TO SETTLE CHARGE OF SECURITIES NORMS BREACH
RELIANCE Infrastructure and Reliance Natural Resources are close to reaching a settlement with market regulator Sebi by paying consent fees, ending a long-running investigation into alleged violations of foreign portfolio investment regulations.The companies, part of the Anil Dhirubhai Ambani Group, and their top executives have also agreed to abide by conditions set out by Sebi, four persons with knowledge of the development told ET.
The move will remove a persistent source of uncertainty that has dogged the companies for years. "The move is positive for Reliance Infra because the company will be able to access the capital markets without this shadow of regulatory uncertainty. The company could have litigated all the way to the Supreme Court but that could have dragged on for years and simply made no sense," said one of the four people. RNRL is in the process of being merged into Reliance Power, another ADAG company. So the proposed settlement is not particularly consequential for it. Conditions are mainly pledges for R-Infra, RNRL
THESE conditions are mainly pledges to tighten internal processes and are not particularly onerous, the people said. They are a standard part of any consent agreement.
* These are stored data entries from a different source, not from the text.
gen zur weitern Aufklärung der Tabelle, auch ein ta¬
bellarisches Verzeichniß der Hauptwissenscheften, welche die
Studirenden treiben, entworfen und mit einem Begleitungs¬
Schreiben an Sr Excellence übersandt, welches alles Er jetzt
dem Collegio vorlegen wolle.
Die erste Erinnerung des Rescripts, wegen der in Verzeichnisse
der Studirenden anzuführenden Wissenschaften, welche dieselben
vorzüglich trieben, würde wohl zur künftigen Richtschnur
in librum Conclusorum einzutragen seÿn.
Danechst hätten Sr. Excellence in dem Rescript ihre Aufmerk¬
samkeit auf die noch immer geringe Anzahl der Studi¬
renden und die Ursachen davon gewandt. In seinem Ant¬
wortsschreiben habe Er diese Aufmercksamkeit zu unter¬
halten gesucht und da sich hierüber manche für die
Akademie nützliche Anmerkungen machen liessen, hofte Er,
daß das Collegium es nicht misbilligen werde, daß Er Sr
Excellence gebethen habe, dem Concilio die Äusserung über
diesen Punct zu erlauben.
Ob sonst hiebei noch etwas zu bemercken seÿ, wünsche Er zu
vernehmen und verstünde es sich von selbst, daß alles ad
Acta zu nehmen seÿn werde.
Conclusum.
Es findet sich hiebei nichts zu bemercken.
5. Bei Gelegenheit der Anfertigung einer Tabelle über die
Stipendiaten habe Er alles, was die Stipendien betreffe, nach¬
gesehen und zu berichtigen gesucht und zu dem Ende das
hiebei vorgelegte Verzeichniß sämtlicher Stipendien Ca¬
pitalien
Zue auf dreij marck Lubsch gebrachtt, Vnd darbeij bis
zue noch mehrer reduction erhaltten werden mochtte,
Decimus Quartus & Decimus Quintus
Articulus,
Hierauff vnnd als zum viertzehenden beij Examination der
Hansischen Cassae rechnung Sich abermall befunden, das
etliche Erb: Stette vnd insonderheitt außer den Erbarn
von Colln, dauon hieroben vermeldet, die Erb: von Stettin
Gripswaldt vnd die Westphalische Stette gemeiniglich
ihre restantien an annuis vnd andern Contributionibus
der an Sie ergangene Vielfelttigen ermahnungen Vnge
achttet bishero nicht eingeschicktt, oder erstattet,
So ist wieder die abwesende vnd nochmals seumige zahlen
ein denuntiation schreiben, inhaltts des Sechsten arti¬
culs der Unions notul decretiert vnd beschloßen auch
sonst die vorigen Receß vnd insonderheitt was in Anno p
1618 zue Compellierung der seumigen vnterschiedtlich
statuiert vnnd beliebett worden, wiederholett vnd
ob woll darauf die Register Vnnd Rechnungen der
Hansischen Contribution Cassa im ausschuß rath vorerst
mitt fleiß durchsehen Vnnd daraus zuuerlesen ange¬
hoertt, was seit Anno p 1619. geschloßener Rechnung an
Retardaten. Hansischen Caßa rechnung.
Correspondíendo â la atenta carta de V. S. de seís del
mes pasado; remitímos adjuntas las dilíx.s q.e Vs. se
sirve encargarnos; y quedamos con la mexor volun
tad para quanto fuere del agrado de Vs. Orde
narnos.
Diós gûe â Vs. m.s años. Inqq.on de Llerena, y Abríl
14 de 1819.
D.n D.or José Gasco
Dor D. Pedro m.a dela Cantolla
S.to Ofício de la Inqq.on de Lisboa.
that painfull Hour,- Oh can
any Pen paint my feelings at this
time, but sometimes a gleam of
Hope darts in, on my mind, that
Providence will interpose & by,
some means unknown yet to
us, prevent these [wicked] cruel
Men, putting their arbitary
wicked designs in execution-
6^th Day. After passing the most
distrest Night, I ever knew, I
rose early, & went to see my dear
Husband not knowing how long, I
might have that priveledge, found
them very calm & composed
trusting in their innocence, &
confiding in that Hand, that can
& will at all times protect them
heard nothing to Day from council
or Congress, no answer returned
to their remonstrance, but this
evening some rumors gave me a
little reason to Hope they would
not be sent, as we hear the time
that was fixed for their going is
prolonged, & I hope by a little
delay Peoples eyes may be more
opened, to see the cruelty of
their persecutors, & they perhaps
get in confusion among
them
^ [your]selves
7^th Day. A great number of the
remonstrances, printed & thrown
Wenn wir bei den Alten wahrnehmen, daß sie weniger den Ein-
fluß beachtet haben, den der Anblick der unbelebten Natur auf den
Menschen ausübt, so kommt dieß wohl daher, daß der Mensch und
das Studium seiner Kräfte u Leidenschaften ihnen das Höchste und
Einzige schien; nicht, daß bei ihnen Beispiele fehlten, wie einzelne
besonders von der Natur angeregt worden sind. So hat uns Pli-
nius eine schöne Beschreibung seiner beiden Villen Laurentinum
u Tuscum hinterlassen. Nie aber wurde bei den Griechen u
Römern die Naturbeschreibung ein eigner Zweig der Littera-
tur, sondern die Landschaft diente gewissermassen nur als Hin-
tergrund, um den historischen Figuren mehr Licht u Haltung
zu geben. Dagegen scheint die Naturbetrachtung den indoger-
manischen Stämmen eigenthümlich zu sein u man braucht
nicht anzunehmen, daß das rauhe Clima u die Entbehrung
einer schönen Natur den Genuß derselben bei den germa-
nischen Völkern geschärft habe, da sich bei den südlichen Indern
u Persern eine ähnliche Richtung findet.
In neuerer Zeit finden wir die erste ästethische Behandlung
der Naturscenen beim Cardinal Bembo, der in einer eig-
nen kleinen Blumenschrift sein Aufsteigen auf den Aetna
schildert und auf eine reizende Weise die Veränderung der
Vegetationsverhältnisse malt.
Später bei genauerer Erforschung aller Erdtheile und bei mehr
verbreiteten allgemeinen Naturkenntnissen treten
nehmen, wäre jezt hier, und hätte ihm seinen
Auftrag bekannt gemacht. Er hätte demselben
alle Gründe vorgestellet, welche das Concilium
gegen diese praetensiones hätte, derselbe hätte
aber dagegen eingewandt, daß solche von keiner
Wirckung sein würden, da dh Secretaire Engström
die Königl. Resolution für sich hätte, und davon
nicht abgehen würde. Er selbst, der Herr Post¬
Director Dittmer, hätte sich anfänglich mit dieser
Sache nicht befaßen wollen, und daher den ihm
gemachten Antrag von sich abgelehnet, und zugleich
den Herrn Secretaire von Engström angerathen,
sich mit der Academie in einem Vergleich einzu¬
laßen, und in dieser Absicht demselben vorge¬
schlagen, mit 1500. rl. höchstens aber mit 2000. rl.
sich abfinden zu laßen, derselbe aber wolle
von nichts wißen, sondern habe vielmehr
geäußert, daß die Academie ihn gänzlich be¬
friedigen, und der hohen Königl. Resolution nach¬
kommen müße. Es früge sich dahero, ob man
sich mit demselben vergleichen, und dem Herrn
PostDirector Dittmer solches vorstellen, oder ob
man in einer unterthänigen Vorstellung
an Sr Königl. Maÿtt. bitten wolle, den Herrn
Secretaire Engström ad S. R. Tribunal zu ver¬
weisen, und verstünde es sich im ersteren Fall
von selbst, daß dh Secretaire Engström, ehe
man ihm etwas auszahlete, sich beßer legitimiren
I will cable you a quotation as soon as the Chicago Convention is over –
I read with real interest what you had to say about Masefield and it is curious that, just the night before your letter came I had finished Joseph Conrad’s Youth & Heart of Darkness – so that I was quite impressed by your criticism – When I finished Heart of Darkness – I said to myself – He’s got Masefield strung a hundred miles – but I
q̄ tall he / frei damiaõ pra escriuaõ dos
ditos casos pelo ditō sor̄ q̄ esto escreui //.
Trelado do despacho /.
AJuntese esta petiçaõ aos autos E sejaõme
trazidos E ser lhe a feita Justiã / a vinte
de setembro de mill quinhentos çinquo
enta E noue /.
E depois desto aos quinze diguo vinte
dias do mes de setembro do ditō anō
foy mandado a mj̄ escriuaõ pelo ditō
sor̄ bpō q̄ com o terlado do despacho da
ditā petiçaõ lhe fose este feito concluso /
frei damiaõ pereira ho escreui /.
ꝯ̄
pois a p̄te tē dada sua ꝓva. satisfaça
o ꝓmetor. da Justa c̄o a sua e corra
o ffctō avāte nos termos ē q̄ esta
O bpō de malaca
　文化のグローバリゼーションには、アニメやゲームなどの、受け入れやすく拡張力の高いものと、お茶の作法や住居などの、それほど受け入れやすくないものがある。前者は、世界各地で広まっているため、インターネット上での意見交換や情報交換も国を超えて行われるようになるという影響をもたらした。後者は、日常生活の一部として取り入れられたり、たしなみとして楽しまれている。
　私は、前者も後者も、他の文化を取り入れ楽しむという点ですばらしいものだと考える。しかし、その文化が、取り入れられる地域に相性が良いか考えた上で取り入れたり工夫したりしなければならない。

The settlement, which will involve a total payment of close to `50 crore by the two companies, is close to being concluded after the consent terms were accepted by a three-member internal Sebi committee headed by retired Mumbai High Court judge Hosbet Suresh.
The panel's conclusions are likely to be endorsed by two whole-time members of the Sebi board, three of the four persons mentioned earlier said. The ruling of the two board members is final. ADAG officials declined comment for the story.
Reliance Infrastructure, which distributes electricity in the suburbs of Mumbai and in parts of Delhi, is one of the flagship companies of the Anil Ambani Group. It also owns close to 45% of Reliance Power, which is implementing 25,000 mw of projects.
If the final figure endorsed by the regulator is close to 50 crore, it will be among the highest fees to be paid since it was introduced in 2007. These negotiated settlements are common in the US where the Securities & Exchange Commission, or SEC, approves a large number of consent orders every year. In India, a firm or person facing a probe can submit an application seeking a consent order, without admission of guilt and without denial of liability. Sebi has the right to refuse to enter into consent proceedings if the violations are be particularly egregious.
If the regulator agrees, the entity facing the probe has to finalise the terms with Sebi officials. These terms then go through a two-stage vetting.
First, they have to be endorsed by a panel headed by a retired high court judge, currently Hosbet Suresh. The panel's conclusion then has to be endorsed by two full-time members of the Sebi board. Full-time members are officials in charge of executive functions as distinct from part-time board members.
COMPLEX CASE
At the heart of this case is a showcause notice issued on June 7, 2010, by Sebi to the two companies and their top executives.
The notice came in the wake of a probe by the regulator and government agencies into dealings of Pluri Emerging Companies, an obscure foreign portfolio investor, which purchased participatory notes with stocks such as RNRL and Reliance Infrastructure as the underlying.
Participatory notes are derivative instruments that allow offshore entities to trade in Indian stocks anonymously.
Pluri had bought the participatory notes from Hythe Securities, another FII, which in turn had bought them from Barclays Bank, a British bank.
At that point, the Enforcement Directorate was probing Pluri for a series of allegedly fraudulent transactions involving the siphoning off of funds from the accounts of two Anil Ambani-promoted firms in the London branch of UBS and the use of these funds to buy shares in India. The proceeds of foreign loans raised by the ADAG firms were parked in these accounts.
Sebi had also pulled up Societe Generale, the French financial services group, and Barclays in connection with the dealings with Pluri. Both foreign banks were exonerated by Sebi after they strengthened internal processes. They did not have to pay any penalty.
Sandeep Parekh, Founder, Finsec Law Advisors, and a former executive director of Sebi said consent proceedings provide a wide range of options to the regulator to fashion a remedy.
"In a given case where the severity of the crime is high, the regulator is free to adopt measures beyond the usual penalty. For instance, there could be consent bar from raising capital, consent bar from acting as a director of a listed company, consent disgorgement or consent freezing of voting rights, to name a few," he said.
However, such conditions are not part of the consent order in case of the two ADAG entities, the people with knowledge of the proceedings said.